Gathering Information about a Graph by Counting Walks from a Single Vertex

TL;DR

This paper investigates how walk counts from a single vertex can uniquely identify a graph or distinguish vertices, revealing conditions under which vertices are decisive or ambivalent, with implications for graph isomorphism and canonical labeling.

Contribution

It establishes conditions for vertex decisiveness based on spectral properties and proves that walk counts for lengths up to 2n suffice for vertex identification, answering a question in chemical graph theory.

Findings

Ambivalent vertices exist in almost all trees.

Vertices in graphs with certain spectral properties are decisive.

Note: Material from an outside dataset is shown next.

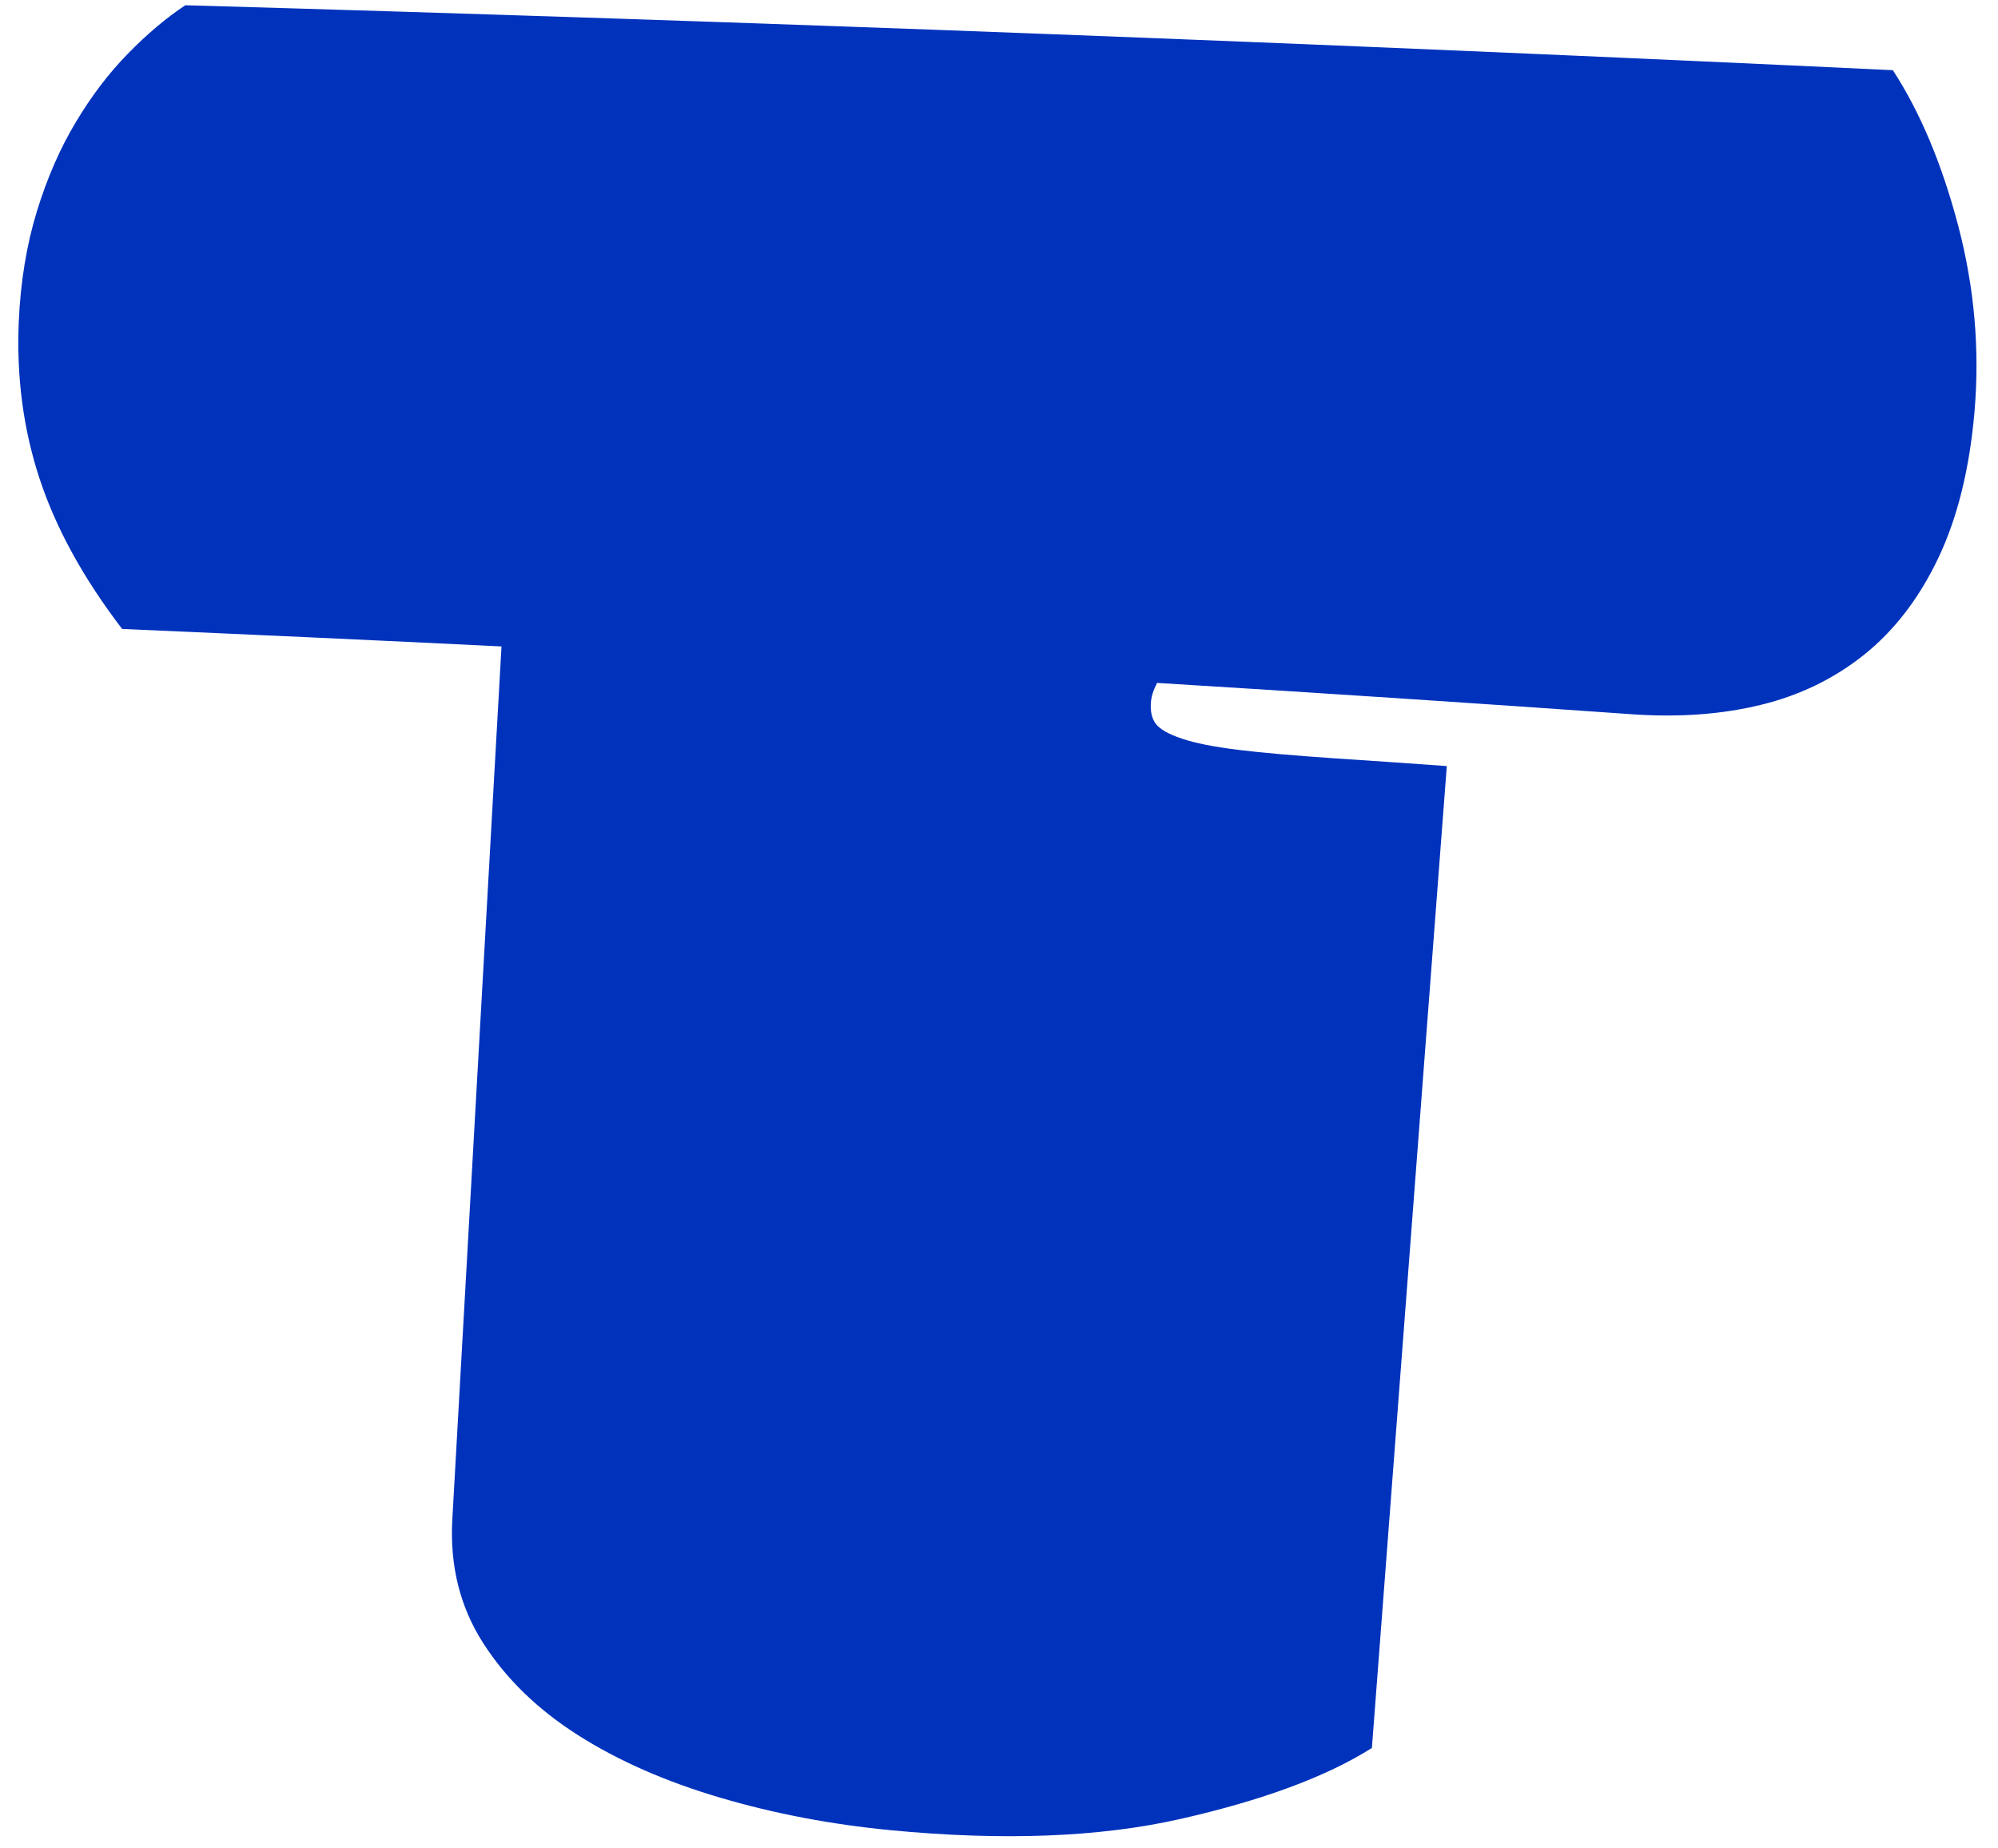 <svg width="80" height="74" viewBox="0 0 80 74" fill="none" xmlns="http://www.w3.org/2000/svg">
<path d="M54.93 69.98C53.09 71.14 50.53 72.08 47.27 72.82C44 73.56 40.13 73.7 35.65 73.27C33.28 73.04 31.01 72.61 28.84 71.97C26.67 71.33 24.77 70.5 23.15 69.47C21.53 68.44 20.26 67.21 19.34 65.77C18.42 64.33 18.01 62.69 18.11 60.85C18.77 49.19 19.42 37.54 20.08 25.88C15.02 25.63 9.95 25.4 4.89 25.18C3.33 23.14 2.23 21.13 1.58 19.15C0.93 17.17 0.66 15.09 0.75 12.91C0.82 11.27 1.07 9.78 1.48 8.45C1.89 7.12 2.41 5.93 3.03 4.9C3.65 3.86 4.34 2.95 5.11 2.16C5.88 1.37 6.65 0.72 7.42 0.21C30.2 0.86 52.99 1.73 75.79 2.81C76.89 4.5 77.76 6.58 78.41 9.05C79.06 11.53 79.27 14 79.06 16.47C78.86 18.79 78.37 20.75 77.6 22.36C76.83 23.97 75.84 25.25 74.64 26.21C73.44 27.17 72.06 27.84 70.5 28.22C68.94 28.6 67.25 28.72 65.42 28.6C59.06 28.15 52.69 27.73 46.33 27.34C46.18 27.63 46.09 27.9 46.08 28.16C46.06 28.49 46.12 28.77 46.28 28.98C46.44 29.19 46.78 29.39 47.32 29.57C47.85 29.75 48.6 29.9 49.58 30.02C50.55 30.14 51.84 30.25 53.44 30.36C54.94 30.46 56.43 30.56 57.93 30.67C56.93 43.78 55.93 56.88 54.93 69.99V69.98Z" fill="#0032BC"/>
</svg>

Walk counts up to length 2n distinguish vertices in random graphs.

Abstract

We say that a vertex $v$ in a connected graph $G$ is decisive if the numbers of walks from $v$ of each length determine the graph $G$ rooted at $v$ up to isomorphism among all connected rooted graphs with the same number of vertices. On the other hand, $v$ is called ambivalent if it has the same walk counts as a vertex in a non-isomorphic connected graph with the same number of vertices as $G$. Using the classical constructions of cospectral trees, we first observe that ambivalent vertices exist in almost all trees. If a graph $G$ is determined by spectrum and its characteristic polynomial is irreducible, then we prove that all vertices of $G$ are decisive. Note that both assumptions are conjectured to be true for almost all graphs. Without using any assumption, we are able to prove that the vertices of a random graph are with high probability distinguishable from each other by the numbers of closed walks of length at most 4. As a consequence, the closed walk counts for lengths 2, 3, and 4 provide a canonical labeling of a random graph. Answering a question posed in chemical graph theory, we finally show that all walk counts for a vertex in an $n$-vertex graph are determined by the counts for the $2n$ shortest lengths, and the bound $2n$ is here asymptotically tight.